The majority elects to treat a motion for amended findings as notice by the losing party that time limits are running for a new trial motion. This conflicts with the rules of law stated above. Because the proposition conflicts with the plain meaning of Rule 59.03, it is tantamount to an amendment of the rule without notice. It also modifies Minn.R.Civ.P. 52.02, where it is provided that the motion for amended findings "may" be made with a motion for a new trial.

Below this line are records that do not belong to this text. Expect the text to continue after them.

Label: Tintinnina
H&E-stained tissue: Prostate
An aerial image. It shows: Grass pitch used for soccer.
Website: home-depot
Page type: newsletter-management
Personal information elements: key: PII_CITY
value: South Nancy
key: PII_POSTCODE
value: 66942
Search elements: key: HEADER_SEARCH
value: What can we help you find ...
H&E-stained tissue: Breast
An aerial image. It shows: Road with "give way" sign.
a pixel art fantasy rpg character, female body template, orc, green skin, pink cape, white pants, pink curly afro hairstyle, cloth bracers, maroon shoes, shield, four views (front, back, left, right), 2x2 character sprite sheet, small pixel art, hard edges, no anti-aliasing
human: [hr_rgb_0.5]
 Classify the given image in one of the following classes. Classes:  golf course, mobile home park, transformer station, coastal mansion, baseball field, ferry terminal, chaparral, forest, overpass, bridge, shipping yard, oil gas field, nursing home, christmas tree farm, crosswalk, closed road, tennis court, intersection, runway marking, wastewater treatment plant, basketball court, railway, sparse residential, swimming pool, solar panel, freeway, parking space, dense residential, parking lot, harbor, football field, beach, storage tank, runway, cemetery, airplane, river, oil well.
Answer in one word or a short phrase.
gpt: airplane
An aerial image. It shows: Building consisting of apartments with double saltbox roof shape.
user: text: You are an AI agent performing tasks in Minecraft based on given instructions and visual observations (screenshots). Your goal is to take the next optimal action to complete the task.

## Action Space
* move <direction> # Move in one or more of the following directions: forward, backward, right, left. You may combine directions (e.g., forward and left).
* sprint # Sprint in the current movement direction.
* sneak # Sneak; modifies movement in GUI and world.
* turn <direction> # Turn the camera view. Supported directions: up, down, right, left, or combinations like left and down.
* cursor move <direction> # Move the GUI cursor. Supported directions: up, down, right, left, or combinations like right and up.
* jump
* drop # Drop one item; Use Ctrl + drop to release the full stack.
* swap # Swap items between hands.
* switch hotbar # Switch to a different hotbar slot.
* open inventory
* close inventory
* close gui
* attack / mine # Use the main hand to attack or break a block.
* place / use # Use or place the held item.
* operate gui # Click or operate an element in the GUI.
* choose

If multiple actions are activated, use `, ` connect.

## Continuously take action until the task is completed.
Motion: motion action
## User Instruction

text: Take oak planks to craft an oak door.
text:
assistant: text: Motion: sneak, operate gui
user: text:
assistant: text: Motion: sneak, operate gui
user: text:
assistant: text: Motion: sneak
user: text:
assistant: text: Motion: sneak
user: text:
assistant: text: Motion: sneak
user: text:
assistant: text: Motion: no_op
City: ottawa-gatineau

Finally, the decision of the majority disregards fundamental differences between the motion for amended findings and the motion for a new trial. The decision deprives a party of important rights related exclusively to the new trial motion.

Findings may be amended on a motion for new trial, but a motion for amended findings is not the same as one for a new trial.

A motion for a new trial, however, does permit the court to open the judgment if one has been entered, or take additional testimony and thereafter amend the findings of fact and conclusions of law, or to make new findings and conclusions and direct the entry of a new judgment. See Rule 59.01. Thus, in regard to the possible breadth of review at the trial level, a far greater breadth is possible under Rule 59.01 than is possible under Rule 52.02.

2 J. Hetland and O. Adamson, Minnesota Practice 500 (1970).

As the majority opinion acknowledges, the order denying a motion for a new trial is appealable. The motion is an important step for a party who desires appellate review. *913 Contrariwise, the motion for amended findings is directed solely to the discretion of the trial court and is not appealable. The motion for amended findings has special significance as a means to resolve disputes without appeal.

The majority decision was not proposed by the respondent in this case. As stated above, it is unsupported by rule provisions or prior appellate decisions. I would review the case on its merits.